§ **REQUIREMENT**
Every record below must be returned word for word, with the pictures left out.

[DATA FOR ANALYSIS — start]

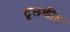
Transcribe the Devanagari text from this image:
टूलकीट
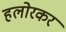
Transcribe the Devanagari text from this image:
हलोरकर
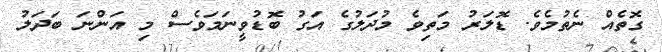
ގޮތެއް ނެތުމެވެ. ޑޮލަރު މަތިވެ މުދަލުގެ އަގު ބޮޑުވީނަމަވެސް މި އަންނަ ބަދަލު
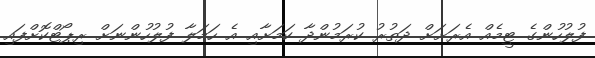
ފުލުހުންގެ ޓީމެއް އެރަށަށް ދަތުރު ކުރަމުންދާ ކަމަށާއި އެ ހަމަލާ ފުލުހުންނަށް ރިޕޯޓްކޮށްފައި
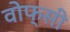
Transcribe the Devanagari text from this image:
वोफ्सी
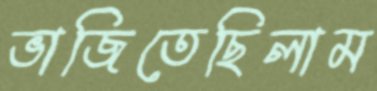
ভাজিতেছিলাম
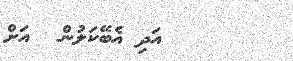
١٥      އަދި އެބޭކަލުން  އަށް
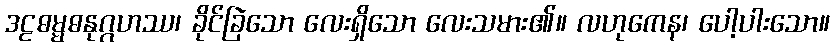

[DATA FOR ANALYSIS — finish]

§ **EXERCISE RESULT**
Transcribe the Devanagari text from this image:
टूलकीट
Transcribe the Devanagari text from this image:
हलोरकर
ގޮތެއް ނެތުމެވެ. ޑޮލަރު މަތިވެ މުދަލުގެ އަގު ބޮޑުވީނަމަވެސް މި އަންނަ ބަދަލު
ފުލުހުންގެ ޓީމެއް އެރަށަށް ދަތުރު ކުރަމުންދާ ކަމަށާއި އެ ހަމަލާ ފުލުހުންނަށް ރިޕޯޓްކޮށްފައި
Transcribe the Devanagari text from this image:
वोफ्सी
ভাজিতেছিলাম
١٥      އަދި އެބޭކަލުން  އަށް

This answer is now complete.